La RDC plaide ainsi pour une réorientation de l’approche internationale : les ressources naturelles ne devraient plus être perçues uniquement sous un angle économique ou commercial, mais également comme un enjeu stratégique primordial pour la paix et la sécurité, méritant une place à part entière à l’agenda du Conseil de sécurité des Nations unies. Cette position a trouvé un écho favorable auprès de la France qui, par la voix de son représentant permanent auprès des Nations unies, a réitéré son plein soutien à cette initiative congolaise.
« Les ressources naturelles doivent servir de moteur à un développement durable et équitable, au bénéfice des populations et des nations qui les possèdent. Il est impératif de les protéger contre toute forme de prédation et contre leur détournement à des fins néfastes. Pour l’avenir, la France soutient l’ambition exprimée par la RDC de travailler au renforcement et à la cohérence des initiatives internationales visant une utilisation responsable de ces ressources. Nous sommes entièrement disposés à contribuer aux travaux du Conseil qui accompagneront le débat de haut niveau que la RDC organisera la semaine prochaine, en présence du président Félix-Antoine Tshisekedi », a affirmé Jérôme Bonnafont, ambassadeur et représentant permanent de la France auprès des Nations unies.
La RDC poursuit activement le calendrier de sa présidence du Conseil de sécurité. Cette réunion cruciale sur les ressources naturelles fait suite à un briefing du Conseil consacré aux violences sexuelles liées aux conflits, tenu le 8 juillet sous la présidence de la Première ministre Judith Suminwa Tuluka. Cette séquence diplomatique s’inscrit dans la lignée des priorités établies par la présidence congolaise. Le briefing avait notamment mis en exergue le coût humain des économies de guerre, ainsi que la nécessité impérieuse de renforcer la prévention, la protection des survivantes, la lutte contre l’impunité et les mécanismes de réparation.
Ces initiatives interviennent dans un contexte complexe, marqué par le partenariat stratégique établi entre la RDC et les États-Unis concernant les minerais critiques. Elles coïncident également avec l’accord de Washington signé entre Kinshasa et Kigali, lequel prévoyait des mesures de désescalade, le retrait progressif des forces rwandaises du territoire congolais et la neutralisation des groupes armés opérant dans l’Est de la RDC, notamment les FDLR, considérés par Kigali comme une menace sécuritaire. Malgré ce cadre diplomatique, initialement bien accueilli, la situation sécuritaire sur le terrain demeure extrêmement précaire. Le processus de Doha, mené sous l’égide du Qatar pour faciliter le dialogue entre Kinshasa et la rébellion de l’AFC/M23, reste par ailleurs dans l’impasse.
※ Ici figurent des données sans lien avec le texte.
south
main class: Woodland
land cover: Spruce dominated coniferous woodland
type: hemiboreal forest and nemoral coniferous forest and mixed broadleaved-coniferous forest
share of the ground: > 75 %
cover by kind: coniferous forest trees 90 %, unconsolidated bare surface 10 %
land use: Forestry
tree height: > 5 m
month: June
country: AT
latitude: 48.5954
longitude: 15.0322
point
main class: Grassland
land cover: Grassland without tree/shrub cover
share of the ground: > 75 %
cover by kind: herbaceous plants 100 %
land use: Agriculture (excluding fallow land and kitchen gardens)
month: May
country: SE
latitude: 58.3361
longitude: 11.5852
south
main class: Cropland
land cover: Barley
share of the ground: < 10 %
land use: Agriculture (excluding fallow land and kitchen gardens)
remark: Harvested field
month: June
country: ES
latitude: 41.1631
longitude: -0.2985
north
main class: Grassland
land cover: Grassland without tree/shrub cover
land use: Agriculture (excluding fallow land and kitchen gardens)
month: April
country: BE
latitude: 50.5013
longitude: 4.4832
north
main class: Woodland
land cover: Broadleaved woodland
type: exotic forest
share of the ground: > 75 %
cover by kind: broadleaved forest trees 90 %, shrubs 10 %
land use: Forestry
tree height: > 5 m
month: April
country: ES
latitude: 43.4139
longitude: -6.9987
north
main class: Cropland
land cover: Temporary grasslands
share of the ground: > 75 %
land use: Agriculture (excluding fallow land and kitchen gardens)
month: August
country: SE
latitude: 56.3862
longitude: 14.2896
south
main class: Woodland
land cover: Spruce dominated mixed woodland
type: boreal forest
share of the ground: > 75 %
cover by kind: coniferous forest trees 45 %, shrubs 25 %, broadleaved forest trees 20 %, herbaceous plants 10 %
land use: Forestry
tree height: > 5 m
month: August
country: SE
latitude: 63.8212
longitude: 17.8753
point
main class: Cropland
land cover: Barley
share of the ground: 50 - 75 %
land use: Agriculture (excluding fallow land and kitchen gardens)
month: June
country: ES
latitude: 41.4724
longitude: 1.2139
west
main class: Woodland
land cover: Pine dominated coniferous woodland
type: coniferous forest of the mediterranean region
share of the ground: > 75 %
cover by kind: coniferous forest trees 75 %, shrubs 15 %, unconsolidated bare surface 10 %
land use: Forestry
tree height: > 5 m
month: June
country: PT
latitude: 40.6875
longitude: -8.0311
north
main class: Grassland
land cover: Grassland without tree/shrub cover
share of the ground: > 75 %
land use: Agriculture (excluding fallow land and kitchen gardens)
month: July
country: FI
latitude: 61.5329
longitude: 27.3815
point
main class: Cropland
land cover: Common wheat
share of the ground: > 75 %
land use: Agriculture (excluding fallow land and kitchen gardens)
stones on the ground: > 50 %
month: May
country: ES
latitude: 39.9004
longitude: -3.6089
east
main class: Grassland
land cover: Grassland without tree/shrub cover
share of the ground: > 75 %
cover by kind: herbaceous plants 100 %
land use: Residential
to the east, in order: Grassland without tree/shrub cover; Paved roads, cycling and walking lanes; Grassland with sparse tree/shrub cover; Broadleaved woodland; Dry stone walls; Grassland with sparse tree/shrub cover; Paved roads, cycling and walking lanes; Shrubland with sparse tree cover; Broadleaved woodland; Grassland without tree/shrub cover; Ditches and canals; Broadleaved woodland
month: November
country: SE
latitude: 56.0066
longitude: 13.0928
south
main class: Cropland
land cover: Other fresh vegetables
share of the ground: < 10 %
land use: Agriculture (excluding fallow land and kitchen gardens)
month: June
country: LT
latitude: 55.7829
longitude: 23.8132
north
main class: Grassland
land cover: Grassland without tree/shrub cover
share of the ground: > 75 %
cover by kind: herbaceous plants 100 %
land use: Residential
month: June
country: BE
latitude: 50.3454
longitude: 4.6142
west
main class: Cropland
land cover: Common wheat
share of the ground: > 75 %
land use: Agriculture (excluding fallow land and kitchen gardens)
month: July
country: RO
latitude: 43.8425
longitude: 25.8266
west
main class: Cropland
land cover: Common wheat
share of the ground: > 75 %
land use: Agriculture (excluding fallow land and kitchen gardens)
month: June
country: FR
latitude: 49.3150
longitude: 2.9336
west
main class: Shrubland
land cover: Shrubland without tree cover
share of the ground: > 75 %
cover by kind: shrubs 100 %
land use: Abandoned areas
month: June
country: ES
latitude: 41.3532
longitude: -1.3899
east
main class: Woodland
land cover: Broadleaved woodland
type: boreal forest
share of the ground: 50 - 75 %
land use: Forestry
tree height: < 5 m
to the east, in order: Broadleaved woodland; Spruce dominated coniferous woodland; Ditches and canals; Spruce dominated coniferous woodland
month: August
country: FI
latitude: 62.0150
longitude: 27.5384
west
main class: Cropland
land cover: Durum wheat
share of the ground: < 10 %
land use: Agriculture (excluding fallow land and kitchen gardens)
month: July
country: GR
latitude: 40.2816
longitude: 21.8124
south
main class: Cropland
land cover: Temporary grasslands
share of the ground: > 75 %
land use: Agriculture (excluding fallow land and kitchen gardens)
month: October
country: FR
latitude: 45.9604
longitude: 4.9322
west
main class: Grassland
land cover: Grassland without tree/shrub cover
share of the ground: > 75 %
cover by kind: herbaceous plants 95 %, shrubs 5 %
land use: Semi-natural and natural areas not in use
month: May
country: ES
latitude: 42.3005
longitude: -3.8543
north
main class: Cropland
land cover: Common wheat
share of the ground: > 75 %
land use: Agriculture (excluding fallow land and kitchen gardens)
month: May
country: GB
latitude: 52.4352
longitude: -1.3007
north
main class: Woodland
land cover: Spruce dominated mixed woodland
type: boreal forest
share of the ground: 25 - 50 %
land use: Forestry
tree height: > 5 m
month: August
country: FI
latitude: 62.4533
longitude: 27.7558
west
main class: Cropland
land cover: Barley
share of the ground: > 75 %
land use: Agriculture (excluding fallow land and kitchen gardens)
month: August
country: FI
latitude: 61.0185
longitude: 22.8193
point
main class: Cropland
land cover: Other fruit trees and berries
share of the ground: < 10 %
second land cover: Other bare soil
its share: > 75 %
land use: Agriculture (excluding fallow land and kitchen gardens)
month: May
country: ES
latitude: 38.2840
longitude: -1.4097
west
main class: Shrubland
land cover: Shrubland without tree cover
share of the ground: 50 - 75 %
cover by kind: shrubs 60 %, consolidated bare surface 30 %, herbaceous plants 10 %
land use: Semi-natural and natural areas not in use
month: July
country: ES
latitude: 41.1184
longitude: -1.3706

Les rebelles de l’AFC/M23, que Kinshasa, les Nations unies et plusieurs partenaires internationaux accusent d’être soutenus par le Rwanda, maintiennent leur contrôle sur les villes de Goma et de Bukavu, ainsi que sur diverses autres localités des provinces du Nord-Kivu et du Sud-Kivu. Les affrontements persistent dans plusieurs zones, tandis que les efforts diplomatiques peinent à produire des effets durables. Cette divergence persistante entre les avancées diplomatiques annoncées et la réalité du terrain relance, une fois de plus, le débat sur l’efficacité des résolutions internationales face aux dynamiques locales.